10 Mistakes That Are Standing Between You and Your Dream Job

The process of job hunting is tough. It’s not only hard on your wallet, it’s hard on your self-esteem. When you’ve sent out dozens of resumes and landed multiple interviews, all without success, it’s hard not to get discouraged.

At this point, you may start to rationalize your lack of employment by blaming outside influences:

“It’s a tough market right now.”

“There aren’t currently many opportunities in my field.”

“There’s too much competition for too few jobs.”

But the truth is, there are people getting hired in your field. Even if the market istough right now, it’s very likely there’s something you’re doing—or not doing—to lessen your chances of getting hired.

Here are 10 reasons why you may not be getting the job.

1. You’re Not Being Proactive

Are you sitting around waiting for the perfect job to fall into your lap? Successful job seekers know they need to be proactively pursuing jobs and leads and actively strategizing their job search.

Do you have the necessary skills for your dream job? If not, take an online course to upgrade your skill set. Are you well connected in your field? If the answer is no, attend industry networking groups or events.

Research shows a correlation between having a proactive personality and career success. Researchers have found that this proactivity—the belief that you have the power to change your circumstances—is positively associated with achieving salary and promotion objectives as well as increased career satisfaction.

In other words, if you believe you have the power and ability to achieve your career goals, you’re far more likely to succeed. If you believe the world is conspiring against you and you’re powerless to do anything about it, you’re more likely to stay right where you are now—jobless.

2. Your Lack of Passion Shows

If you find yourself applying for positions that don’t excite you, don’t be surprised if potential employers sense this lack of passion. Employers know that skills can always be taught, but that passion is either there or it’s not.

If you’re truly excited about a job, be sure to convey this in your cover letter and interview. Explain your reasons for wanting the position, and share ideas you’ll be excited to explore should you get the job.

3. You Don’t Sell Yourself

If there’s ever a time to sell yourself, it’s when you’re job hunting. If you don’t clearly convey your skills, knowledge, and education, it’s no one’s fault but your own if you don’t get the job.

There’s a fine line between being cocky and confident, so make sure you’re always tempering your confidence with humility.

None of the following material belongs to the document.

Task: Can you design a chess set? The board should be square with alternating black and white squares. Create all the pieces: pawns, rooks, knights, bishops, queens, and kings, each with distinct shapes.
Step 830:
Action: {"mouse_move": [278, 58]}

Sharing past accomplishments conveys pride in your work, while going on and on about how educated you are screams “smug.”

4. Your Resume or CV Doesn’t Showcase Your Value to the Company

Your resume is what’s going to get your foot in the door. If it isn’t accurately showcasing your suitability for the job, you’ll never get the chance to impress in an interview. Some best practices for creating a killer resume include:

  • Keep it short (some experts recommend only 600-700 words)
  • List all relevant skills and work history
  • Tweak your resume for each position you apply for
  • Detail how you can bring value to the company
  • Be specific: If you’ve achieved certain goals in past jobs, don’t be afraid to quantify your accomplishments (e.g., raised $2 million in funding in one year).

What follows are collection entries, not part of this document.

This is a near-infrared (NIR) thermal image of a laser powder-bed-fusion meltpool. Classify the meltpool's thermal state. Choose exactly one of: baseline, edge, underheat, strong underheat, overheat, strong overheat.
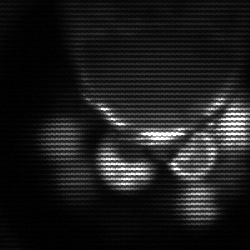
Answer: baseline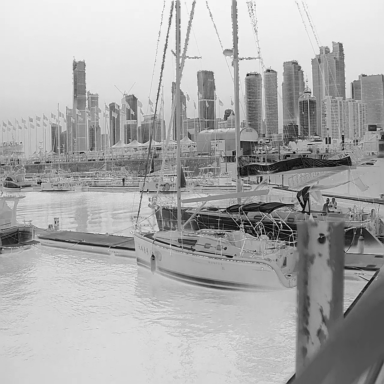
There are five objects shown in the infrared image, including two canoes, and three sailboats.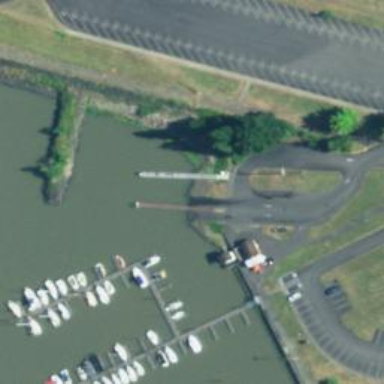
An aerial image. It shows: Slipway on leisure land.

5. You Haven’t Researched the Job or Company

Employers want to know you took the time to learn a bit about the company. Not knowing the name of the CEO or where head office is could convey that you’re disinterested or even lazy. Take some time before the interview to research the company online. Employers don’t expect you to know all the company’s inner workings, but you should have a good grasp of publically available information.

6. You Conveyed a Sense of Entitlement at the Interview

It’s never a good idea to go into an interview with a list of demands. Having a general salary expectation is expected, but requiring six weeks of vacation from the get-go? This can be a huge red flag for employers. After all, if you’re this demanding in the interview, how much more demanding will you be once you have the job?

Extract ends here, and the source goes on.